DEXA (dual energy x-ray absorptiometry)
- Bone density evaluation: This radiological technique is used to assess bone density. While DEXA is most commonly used in the evaluation of osteoporosis, in metabolic bone diseases such as osteogenesis imperfecta and Hajdu-Cheney syndrome it is used to monitor the course of bone-strengthening treatments such as with bisphosphonates.
- Useful evaluation of fusions: Knowledge of bone density can be helpful in assessing suitability for internal fixation techniques.
Radiographic evaluation specific conditions
- Achondroplasia
- Mucopolysaccharidoses
- Osteogenesis Imperfecta
- Larsen Syndrome
- Spondyloepiphyseal Dysplasia
Nuclear Medicine Tests
- Not routine: No nuclear medicine tests are regularly used in the evaluation of metabolic bone disease.
Electrodiagnostic Tests
- Limited use to establish baseline: Electrodiagnostic tests are of limited value in the routine evaluation of children with metabolic bone disease. SSEPs and MEPs should be monitored during spinal surgery for these conditions. Baseline recordings prior to surgical interventions may be of use, particularly in the presence of severe myelopathy.

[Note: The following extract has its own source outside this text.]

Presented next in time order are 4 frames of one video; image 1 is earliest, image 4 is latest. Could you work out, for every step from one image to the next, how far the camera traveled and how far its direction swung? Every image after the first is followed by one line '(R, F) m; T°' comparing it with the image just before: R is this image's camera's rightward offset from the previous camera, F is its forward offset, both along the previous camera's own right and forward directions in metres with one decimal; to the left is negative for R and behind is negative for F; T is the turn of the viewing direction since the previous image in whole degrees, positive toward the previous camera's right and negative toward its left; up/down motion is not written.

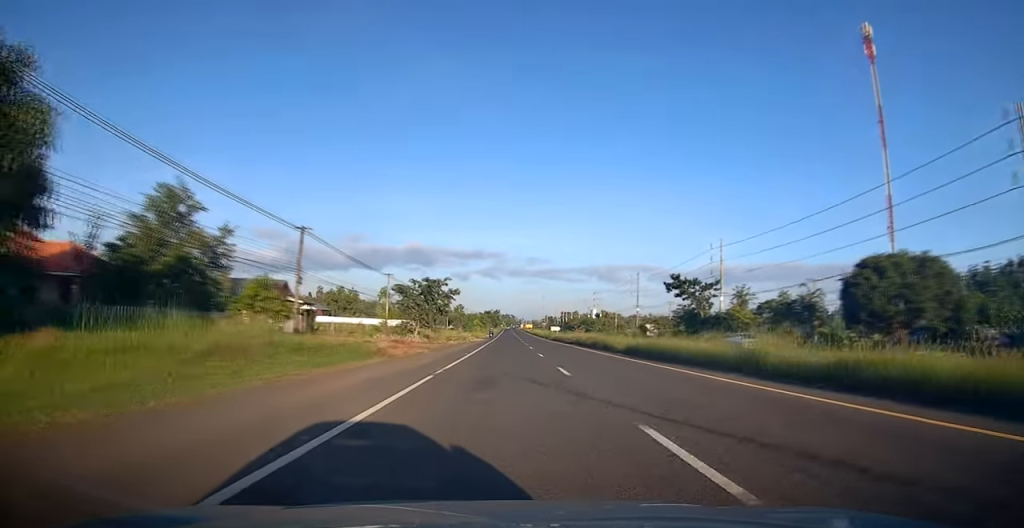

- Sleep studies: Symptoms suggesting bulbar compromise should be specifically asked about, particularly if craniovertebral involvement is known or suspected. A history of poor quality sleep, snoring, or sleep apnea is common in children with craniovertebral anomalies. If present, respiratory sleep studies may be indicated (6).
Neuropsychological Tests
- Not indicated
Correlation of Tests
The timing of spinal interventions in cases of metabolic bone disease can be difficult to determine and requires careful correlation of the clinical presentation with the radiographic findings. Not all patients require intervention, even in the presence of very abnormal imaging. By example, the foramen magnum appears stenotic in most children with achondroplasia, and in children with the mucopolysaccharidoses cervical stenosis and deformity are almost inevitable. The imaging findings need to be interpreted in the context of the clinical history of the child.
- Symptoms and radiographs: Symptoms may remain stable or progress extremely slowly, and therefore a policy of regular clinical and radiological follow-up is entirely appropriate for many patients.